▶ THE PROBLEM
The result should be every line in the material below containing the string "block".

- - - - -

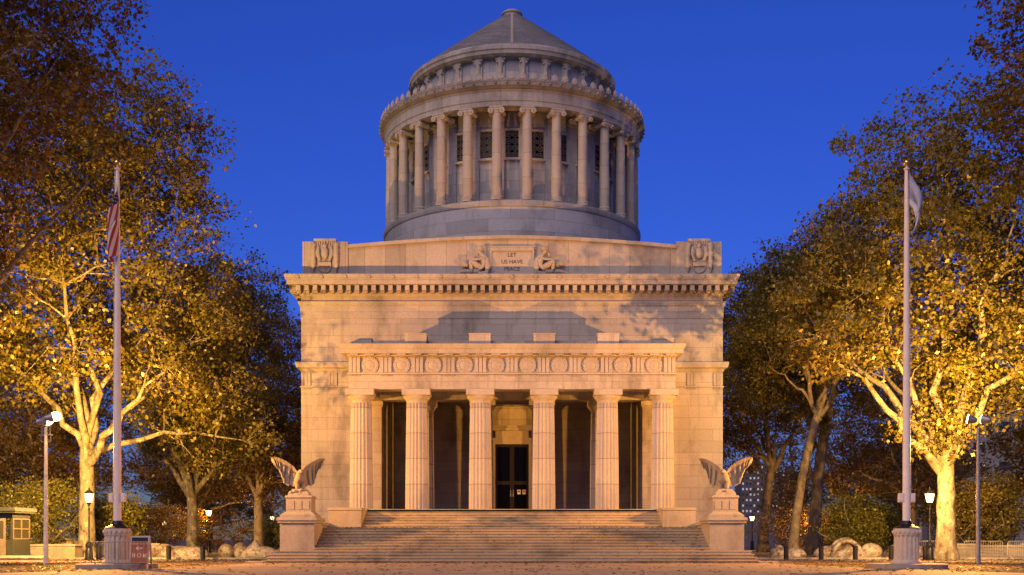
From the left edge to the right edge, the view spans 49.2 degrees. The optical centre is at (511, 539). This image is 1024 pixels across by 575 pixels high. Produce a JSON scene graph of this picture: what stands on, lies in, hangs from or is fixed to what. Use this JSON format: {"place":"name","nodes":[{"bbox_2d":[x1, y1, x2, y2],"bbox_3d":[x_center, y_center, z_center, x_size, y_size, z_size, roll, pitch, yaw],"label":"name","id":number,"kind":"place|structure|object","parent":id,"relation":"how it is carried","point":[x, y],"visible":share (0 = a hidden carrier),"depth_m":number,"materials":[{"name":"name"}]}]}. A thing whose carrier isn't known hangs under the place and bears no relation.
{"place":"outdoors","nodes":[
{"label":"outdoors","id":0,"kind":"place"},
{"bbox_2d":[0,563,1023,574],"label":"plaza paving","id":1,"kind":"structure","parent":0,"point":[489,569],"depth_m":43.11,"materials":[{"name":"beige stone"}]},
{"bbox_2d":[129,536,152,568],"bbox_3d":[-15.200,0.527,45.800,0.800,1.355,0.499,0,0,4],"label":"sandwich board sign","id":2,"kind":"object","parent":1,"relation":"on","point":[140,551],"visible":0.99,"depth_m":45.67,"materials":[{"name":"red"}]},
{"bbox_2d":[245,561,266,562],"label":"stone block","id":3,"kind":"structure","parent":1,"relation":"on","point":[254,561],"depth_m":56.82,"materials":[{"name":"stone"}]},
{"bbox_2d":[264,508,759,562],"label":"staircase","id":4,"kind":"structure","parent":1,"relation":"on","point":[515,533],"depth_m":60.00,"materials":[{"name":"stone"}]},
{"bbox_2d":[757,561,778,562],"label":"stone block","id":5,"kind":"structure","parent":1,"relation":"on","point":[768,561],"depth_m":56.82,"materials":[{"name":"stone"}]},
{"bbox_2d":[866,159,947,568],"bbox_3d":[16.400,-7.295,46.500,3.240,16.990,3.240,0,0,0],"label":"flagpole","id":6,"kind":"object","parent":1,"relation":"on","point":[906,532],"visible":1,"depth_m":46.37,"materials":[{"name":"metal"}]},
{"bbox_2d":[909,173,921,235],"bbox_3d":[16.769,-13.884,46.420,0.558,2.631,0.340,0,0,0],"label":"flag","id":7,"kind":"object","parent":6,"relation":"hanging from","point":[915,198],"visible":1,"depth_m":46.34,"materials":[{"name":"fabric"}]},
{"bbox_2d":[966,414,991,563],"bbox_3d":[23.000,-2.493,55.210,1.216,7.387,0.542,0,0,0],"label":"floodlight pole","id":8,"kind":"object","parent":1,"relation":"on","point":[971,419],"visible":1,"depth_m":55.12,"materials":[{"name":"metal"}]},
{"bbox_2d":[0,540,1023,572],"bbox_3d":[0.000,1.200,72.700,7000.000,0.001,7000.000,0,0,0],"label":"ground","id":9,"kind":"structure","parent":0,"point":[214,553],"depth_m":53.62,"materials":[{"name":"brown soil"}]},
{"bbox_2d":[35,412,61,563],"bbox_3d":[-22.869,-2.558,55.299,1.176,7.516,0.719,0,0,0],"label":"floodlight pole","id":10,"kind":"object","parent":9,"relation":"on","point":[49,419],"visible":0.98,"depth_m":55.12,"materials":[{"name":"metal"}]},
{"bbox_2d":[0,350,101,505],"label":"park tree","id":11,"kind":"object","parent":9,"relation":"on","point":[3,409],"visible":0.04,"depth_m":111.78,"materials":[{"name":"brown plant"}]},
{"bbox_2d":[0,473,105,543],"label":"bush","id":12,"kind":"object","parent":9,"relation":"on","point":[57,502],"visible":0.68,"depth_m":73.52,"materials":[{"name":"green plant"}]},
{"bbox_2d":[30,544,83,556],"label":"stone wall","id":13,"kind":"structure","parent":9,"relation":"on","point":[65,550],"depth_m":67.30,"materials":[{"name":"stone"}]},
{"bbox_2d":[53,537,104,556],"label":"mosaic bench","id":14,"kind":"object","parent":9,"relation":"on","point":[71,541],"visible":0.08,"depth_m":74.81,"materials":[{"name":"tile"}]},
{"bbox_2d":[0,283,163,543],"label":"park tree","id":15,"kind":"object","parent":9,"relation":"on","point":[32,449],"visible":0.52,"depth_m":94.65,"materials":[{"name":"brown plant"}]},
{"bbox_2d":[0,0,170,340],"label":"plane tree","id":16,"kind":"object","parent":9,"relation":"on","point":[19,39],"visible":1,"depth_m":57.25,"materials":[{"name":"brown plant"}]},
{"bbox_2d":[55,487,151,540],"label":"bush","id":17,"kind":"object","parent":9,"relation":"on","point":[105,514],"visible":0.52,"depth_m":77.32,"materials":[{"name":"green plant"}]},
{"bbox_2d":[76,159,157,568],"bbox_3d":[-16.400,-7.295,46.500,3.240,16.990,3.240,0,0,0],"label":"flagpole","id":18,"kind":"object","parent":9,"relation":"on","point":[117,529],"visible":0.95,"depth_m":46.37,"materials":[{"name":"metal"}]},
{"bbox_2d":[108,191,118,262],"bbox_3d":[-16.468,-13.169,46.250,0.354,3.462,0.520,0,0,0],"label":"flag","id":19,"kind":"object","parent":18,"relation":"attached to","point":[113,235],"visible":1,"depth_m":46.11,"materials":[{"name":"multicoloured fabric"}]},
{"bbox_2d":[91,541,145,568],"bbox_3d":[-16.001,0.639,45.500,2.237,1.115,0.663,0,0,0],"label":"crowd barrier","id":20,"kind":"object","parent":9,"relation":"on","point":[118,552],"visible":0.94,"depth_m":45.49,"materials":[{"name":"metal"}]},
{"bbox_2d":[66,499,211,545],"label":"bush","id":21,"kind":"object","parent":9,"relation":"on","point":[156,521],"visible":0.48,"depth_m":98.04,"materials":[{"name":"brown plant"}]},
{"bbox_2d":[0,41,290,556],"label":"plane tree","id":22,"kind":"object","parent":9,"relation":"on","point":[74,234],"visible":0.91,"depth_m":69.95,"materials":[{"name":"yellow plant"}]},
{"bbox_2d":[149,543,163,556],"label":"stone wall","id":23,"kind":"structure","parent":9,"relation":"on","point":[153,545],"depth_m":73.50,"materials":[{"name":"stone"}]},
{"bbox_2d":[152,544,208,556],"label":"mosaic bench","id":24,"kind":"object","parent":9,"relation":"on","point":[176,551],"visible":0.59,"depth_m":71.67,"materials":[{"name":"tile"}]},
{"bbox_2d":[121,350,263,514],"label":"park tree","id":25,"kind":"object","parent":9,"relation":"on","point":[158,485],"visible":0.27,"depth_m":120.91,"materials":[{"name":"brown plant"}]},
{"bbox_2d":[92,226,300,546],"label":"plane tree","id":26,"kind":"object","parent":9,"relation":"on","point":[190,485],"visible":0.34,"depth_m":89.18,"materials":[{"name":"brown plant"}]},
{"bbox_2d":[155,505,253,549],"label":"bush","id":27,"kind":"object","parent":9,"relation":"on","point":[202,539],"visible":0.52,"depth_m":108.41,"materials":[{"name":"brown plant"}]},
{"bbox_2d":[129,447,285,546],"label":"park tree","id":28,"kind":"object","parent":9,"relation":"on","point":[242,507],"visible":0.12,"depth_m":160.91,"materials":[{"name":"brown plant"}]},
{"bbox_2d":[206,506,211,552],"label":"street lamp","id":29,"kind":"object","parent":9,"relation":"on","point":[208,513],"visible":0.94,"depth_m":100.58,"materials":[{"name":"black metal"}]},
{"bbox_2d":[175,292,300,545],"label":"plane tree","id":30,"kind":"object","parent":9,"relation":"on","point":[261,490],"visible":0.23,"depth_m":106.22,"materials":[{"name":"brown plant"}]},
{"bbox_2d":[217,540,276,556],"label":"mosaic bench","id":31,"kind":"object","parent":9,"relation":"on","point":[255,548],"visible":0.71,"depth_m":73.36,"materials":[{"name":"tile"}]},
{"bbox_2d":[243,512,281,548],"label":"bush","id":32,"kind":"object","parent":9,"relation":"on","point":[271,531],"visible":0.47,"depth_m":113.70,"materials":[{"name":"green plant"}]},
{"bbox_2d":[243,370,300,515],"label":"park tree","id":33,"kind":"object","parent":9,"relation":"on","point":[277,504],"visible":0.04,"depth_m":137.01,"materials":[{"name":"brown plant"}]},
{"bbox_2d":[276,495,324,550],"bbox_3d":[-11.240,-0.560,59.710,2.120,3.520,2.740,0,0,0],"label":"pedestal","id":34,"kind":"object","parent":9,"relation":"on","point":[300,520],"visible":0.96,"depth_m":58.50,"materials":[{"name":"stone"}]},
{"bbox_2d":[271,457,324,494],"bbox_3d":[-11.326,-3.350,59.538,2.888,2.060,1.294,0,0,-18],"label":"eagle statue","id":35,"kind":"object","parent":34,"relation":"on","point":[304,478],"visible":1,"depth_m":59.48,"materials":[{"name":"stone"}]},
{"bbox_2d":[284,9,739,522],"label":"mausoleum","id":36,"kind":"structure","parent":9,"relation":"on","point":[511,311],"depth_m":72.70,"materials":[{"name":"stone"}]},
{"bbox_2d":[408,157,408,189],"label":"rotunda window","id":37,"kind":"structure","parent":36,"relation":"in","point":[408,157],"depth_m":84.99,"materials":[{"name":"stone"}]},
{"bbox_2d":[410,150,414,182],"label":"rotunda window","id":38,"kind":"structure","parent":36,"relation":"in","point":[413,153],"depth_m":83.29,"materials":[{"name":"stone"}]},
{"bbox_2d":[424,141,429,175],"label":"rotunda window","id":39,"kind":"structure","parent":36,"relation":"in","point":[426,146],"depth_m":81.40,"materials":[{"name":"stone"}]},
{"bbox_2d":[435,135,447,169],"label":"rotunda window","id":40,"kind":"structure","parent":36,"relation":"in","point":[447,135],"depth_m":80.00,"materials":[{"name":"stone"}]},
{"bbox_2d":[454,132,462,164],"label":"rotunda window","id":41,"kind":"structure","parent":36,"relation":"in","point":[459,136],"depth_m":79.32,"materials":[{"name":"glass"}]},
{"bbox_2d":[478,129,491,161],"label":"rotunda window","id":42,"kind":"structure","parent":36,"relation":"in","point":[485,136],"depth_m":78.65,"materials":[{"name":"stone"}]},
{"bbox_2d":[495,444,511,508],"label":"door","id":43,"kind":"structure","parent":36,"relation":"in","point":[503,452],"depth_m":80.55,"materials":[{"name":"brown metal"}]},
{"bbox_2d":[503,128,520,160],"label":"rotunda window","id":44,"kind":"structure","parent":36,"relation":"in","point":[511,135],"depth_m":78.43,"materials":[{"name":"stone"}]},
{"bbox_2d":[512,444,528,508],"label":"door","id":45,"kind":"structure","parent":36,"relation":"in","point":[520,452],"depth_m":80.55,"materials":[{"name":"brown metal"}]},
{"bbox_2d":[532,129,545,161],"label":"rotunda window","id":46,"kind":"structure","parent":36,"relation":"in","point":[538,136],"depth_m":78.65,"materials":[{"name":"stone"}]},
{"bbox_2d":[561,132,569,164],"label":"rotunda window","id":47,"kind":"structure","parent":36,"relation":"in","point":[564,136],"depth_m":79.32,"materials":[{"name":"glass"}]},
{"bbox_2d":[576,135,588,169],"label":"rotunda window","id":48,"kind":"structure","parent":36,"relation":"in","point":[576,135],"depth_m":79.96,"materials":[{"name":"stone"}]},
{"bbox_2d":[594,141,599,175],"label":"rotunda window","id":49,"kind":"structure","parent":36,"relation":"in","point":[597,146],"depth_m":81.40,"materials":[{"name":"glass"}]},
{"bbox_2d":[609,150,613,182],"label":"rotunda window","id":50,"kind":"structure","parent":36,"relation":"in","point":[610,153],"depth_m":83.29,"materials":[{"name":"glass"}]},
{"bbox_2d":[615,157,615,189],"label":"rotunda window","id":51,"kind":"structure","parent":36,"relation":"in","point":[615,157],"depth_m":84.97,"materials":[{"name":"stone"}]},
{"bbox_2d":[0,527,1023,574],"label":"fallen leaves","id":52,"kind":"object","parent":9,"relation":"on","point":[794,562],"visible":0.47,"depth_m":56.32,"materials":[{"name":"brown plant"}]},
{"bbox_2d":[50,557,1023,559],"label":"kerb","id":53,"kind":"structure","parent":9,"relation":"on","point":[758,558],"depth_m":66.41,"materials":[{"name":"stone"}]},
{"bbox_2d":[699,495,747,550],"bbox_3d":[11.240,-0.560,59.710,2.120,3.520,2.740,0,0,0],"label":"pedestal","id":54,"kind":"object","parent":9,"relation":"on","point":[722,520],"visible":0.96,"depth_m":58.50,"materials":[{"name":"stone"}]},
{"bbox_2d":[699,457,752,494],"bbox_3d":[11.326,-3.350,59.538,2.888,2.060,1.294,0,0,18],"label":"eagle statue","id":55,"kind":"object","parent":54,"relation":"on","point":[719,478],"visible":1,"depth_m":59.48,"materials":[{"name":"stone"}]},
{"bbox_2d":[723,438,737,489],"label":"park tree","id":56,"kind":"object","parent":9,"relation":"on","point":[724,463],"depth_m":133.33,"materials":[{"name":"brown plant"}]},
{"bbox_2d":[750,513,754,549],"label":"street lamp","id":57,"kind":"object","parent":9,"relation":"on","point":[752,541],"visible":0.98,"depth_m":126.56,"materials":[{"name":"black metal"}]},
{"bbox_2d":[723,282,831,551],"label":"plane tree","id":58,"kind":"object","parent":9,"relation":"on","point":[771,461],"visible":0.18,"depth_m":108.73,"materials":[{"name":"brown plant"}]},
{"bbox_2d":[768,545,806,556],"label":"mosaic bench","id":59,"kind":"object","parent":9,"relation":"on","point":[777,551],"visible":0.64,"depth_m":74.31,"materials":[{"name":"tile"}]},
{"bbox_2d":[733,404,872,548],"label":"park tree","id":60,"kind":"object","parent":9,"relation":"on","point":[788,492],"visible":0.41,"depth_m":137.68,"materials":[{"name":"brown plant"}]},
{"bbox_2d":[723,234,893,553],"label":"plane tree","id":61,"kind":"object","parent":9,"relation":"on","point":[783,394],"visible":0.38,"depth_m":90.80,"materials":[{"name":"brown plant"}]},
{"bbox_2d":[745,503,879,548],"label":"bush","id":62,"kind":"object","parent":9,"relation":"on","point":[779,524],"visible":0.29,"depth_m":104.10,"materials":[{"name":"brown plant"}]},
{"bbox_2d":[727,193,922,548],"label":"plane tree","id":63,"kind":"object","parent":9,"relation":"on","point":[763,312],"visible":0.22,"depth_m":81.30,"materials":[{"name":"brown plant"}]},
{"bbox_2d":[813,537,881,556],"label":"mosaic bench","id":64,"kind":"object","parent":9,"relation":"on","point":[841,547],"visible":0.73,"depth_m":72.10,"materials":[{"name":"tile"}]},
{"bbox_2d":[807,491,896,546],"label":"bush","id":65,"kind":"object","parent":9,"relation":"on","point":[855,518],"visible":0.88,"depth_m":81.95,"materials":[{"name":"green plant"}]},
{"bbox_2d":[846,509,912,553],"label":"bush","id":66,"kind":"object","parent":9,"relation":"on","point":[890,519],"visible":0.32,"depth_m":86.75,"materials":[{"name":"green plant"}]},
{"bbox_2d":[765,57,1023,559],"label":"plane tree","id":67,"kind":"object","parent":9,"relation":"on","point":[993,272],"visible":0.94,"depth_m":64.74,"materials":[{"name":"yellow plant"}]},
{"bbox_2d":[791,345,998,511],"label":"park tree","id":68,"kind":"object","parent":9,"relation":"on","point":[881,486],"visible":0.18,"depth_m":127.46,"materials":[{"name":"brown plant"}]},
{"bbox_2d":[826,439,984,525],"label":"park tree","id":69,"kind":"object","parent":9,"relation":"on","point":[896,506],"visible":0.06,"depth_m":169.56,"materials":[{"name":"brown plant"}]},
{"bbox_2d":[881,545,933,556],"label":"mosaic bench","id":70,"kind":"object","parent":9,"relation":"on","point":[885,553],"visible":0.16,"depth_m":73.72,"materials":[{"name":"tile"}]},
{"bbox_2d":[823,328,1012,545],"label":"park tree","id":71,"kind":"object","parent":9,"relation":"on","point":[918,487],"visible":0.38,"depth_m":102.20,"materials":[{"name":"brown plant"}]},
{"bbox_2d":[957,544,975,556],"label":"stone wall","id":72,"kind":"structure","parent":9,"relation":"on","point":[966,550],"depth_m":67.10,"materials":[{"name":"stone"}]},
{"bbox_2d":[917,476,1023,546],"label":"bush","id":73,"kind":"object","parent":9,"relation":"on","point":[989,500],"visible":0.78,"depth_m":73.59,"materials":[{"name":"green plant"}]},
{"bbox_2d":[935,465,1023,544],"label":"bush","id":74,"kind":"object","parent":9,"relation":"on","point":[1006,481],"visible":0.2,"depth_m":80.27,"materials":[{"name":"green plant"}]},
{"bbox_2d":[964,541,1002,556],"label":"crowd barrier","id":75,"kind":"object","parent":9,"relation":"on","point":[990,548],"visible":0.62,"depth_m":68.03,"materials":[{"name":"grey metal"}]},
{"bbox_2d":[960,343,1023,501],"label":"park tree","id":76,"kind":"object","parent":9,"relation":"on","point":[1018,436],"visible":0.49,"depth_m":104.63,"materials":[{"name":"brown plant"}]},
{"bbox_2d":[964,0,1023,223],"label":"plane tree","id":77,"kind":"object","parent":9,"relation":"on","point":[988,47],"visible":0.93,"depth_m":59.76,"materials":[{"name":"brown plant"}]},
{"bbox_2d":[981,545,1023,556],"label":"stone wall","id":78,"kind":"structure","parent":9,"relation":"on","point":[1010,550],"depth_m":69.50,"materials":[{"name":"stone"}]},
{"bbox_2d":[0,0,1023,539],"label":"sky","id":79,"kind":"structure","parent":0,"point":[741,103],"materials":[{"name":"blue"}]},
{"bbox_2d":[50,560,1023,561],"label":"path","id":80,"kind":"structure","parent":0,"point":[760,560],"depth_m":63.40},
{"bbox_2d":[0,507,36,555],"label":"ticket kiosk","id":81,"kind":"object","parent":80,"relation":"on","point":[17,543],"visible":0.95,"depth_m":60.18,"materials":[{"name":"green wood"}]},
{"bbox_2d":[0,518,5,555],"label":"door","id":82,"kind":"structure","parent":81,"relation":"in","point":[2,520],"depth_m":59.74,"materials":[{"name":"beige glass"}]},
{"bbox_2d":[13,518,29,538],"bbox_3d":[-26.715,-0.575,60.900,0.070,1.150,2.060,0,0,0],"label":"window","id":83,"kind":"structure","parent":81,"relation":"in","point":[21,526],"depth_m":60.86,"materials":[{"name":"beige glass"}]},
{"bbox_2d":[0,556,50,561],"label":"stone wall","id":84,"kind":"structure","parent":80,"relation":"on","point":[21,558],"depth_m":58.80,"materials":[{"name":"stone"}]},
{"bbox_2d":[84,487,93,559],"bbox_3d":[-24.200,-0.910,64.000,0.536,4.220,0.536,0,0,-22],"label":"street lamp","id":85,"kind":"object","parent":80,"relation":"on","point":[88,493],"visible":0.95,"depth_m":63.86,"materials":[{"name":"black metal"}]},
{"bbox_2d":[96,546,100,559],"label":"bollard","id":86,"kind":"object","parent":80,"relation":"on","point":[97,552],"visible":0.73,"depth_m":65.38,"materials":[{"name":"black metal"}]},
{"bbox_2d":[166,546,170,559],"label":"bollard","id":87,"kind":"object","parent":80,"relation":"on","point":[168,552],"visible":0.98,"depth_m":65.38,"materials":[{"name":"black metal"}]},
{"bbox_2d":[200,546,204,559],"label":"bollard","id":88,"kind":"object","parent":80,"relation":"on","point":[202,552],"visible":0.98,"depth_m":65.38,"materials":[{"name":"black metal"}]},
{"bbox_2d":[784,546,788,559],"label":"bollard","id":89,"kind":"object","parent":80,"relation":"on","point":[786,552],"visible":0.98,"depth_m":65.38,"materials":[{"name":"black metal"}]},
{"bbox_2d":[819,546,823,559],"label":"bollard","id":90,"kind":"object","parent":80,"relation":"on","point":[821,552],"visible":0.95,"depth_m":65.38,"materials":[{"name":"black metal"}]},
{"bbox_2d":[853,546,857,559],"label":"bollard","id":91,"kind":"object","parent":80,"relation":"on","point":[855,552],"visible":0.99,"depth_m":65.38,"materials":[{"name":"black metal"}]},
{"bbox_2d":[888,546,893,559],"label":"bollard","id":92,"kind":"object","parent":80,"relation":"on","point":[891,552],"visible":0.97,"depth_m":65.38,"materials":[{"name":"black metal"}]},
{"bbox_2d":[923,546,926,559],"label":"bollard","id":93,"kind":"object","parent":80,"relation":"on","point":[924,552],"visible":0.56,"depth_m":65.39,"materials":[{"name":"black metal"}]},
{"bbox_2d":[925,487,934,559],"bbox_3d":[23.900,-0.910,64.000,0.536,4.220,0.536,0,0,22],"label":"street lamp","id":94,"kind":"object","parent":80,"relation":"on","point":[929,494],"visible":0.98,"depth_m":63.87,"materials":[{"name":"black metal"}]},
{"bbox_2d":[1007,541,1023,558],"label":"crowd barrier","id":95,"kind":"object","parent":80,"relation":"on","point":[1018,551],"visible":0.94,"depth_m":66.02,"materials":[{"name":"grey metal"}]},
{"bbox_2d":[735,458,778,540],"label":"apartment tower","id":96,"kind":"structure","parent":0,"point":[747,508],"depth_m":712.70,"materials":[{"name":"white"}]},
{"bbox_2d":[779,466,806,540],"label":"apartment tower","id":97,"kind":"structure","parent":0,"point":[788,521],"depth_m":732.70,"materials":[{"name":"grey"}]},
{"bbox_2d":[922,331,1023,545],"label":"apartment tower","id":98,"kind":"structure","parent":0,"point":[988,455],"depth_m":184.70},
{"bbox_2d":[973,442,984,448],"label":"window","id":99,"kind":"structure","parent":98,"relation":"in","point":[974,445],"depth_m":184.65,"materials":[{"name":"grey glass"}]},
{"bbox_2d":[999,462,1010,469],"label":"window","id":100,"kind":"structure","parent":98,"relation":"in","point":[1001,465],"depth_m":184.65,"materials":[{"name":"grey glass"}]},
{"bbox_2d":[999,422,1010,428],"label":"window","id":101,"kind":"structure","parent":98,"relation":"in","point":[1006,424],"depth_m":184.65,"materials":[{"name":"grey glass"}]}
]}

- - - - -

▶ WRITTEN REPLY
{"bbox_2d":[245,561,266,562],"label":"stone block","id":3,"kind":"structure","parent":1,"relation":"on","point":[254,561],"depth_m":56.82,"materials":[{"name":"stone"}]},
{"bbox_2d":[757,561,778,562],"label":"stone block","id":5,"kind":"structure","parent":1,"relation":"on","point":[768,561],"depth_m":56.82,"materials":[{"name":"stone"}]},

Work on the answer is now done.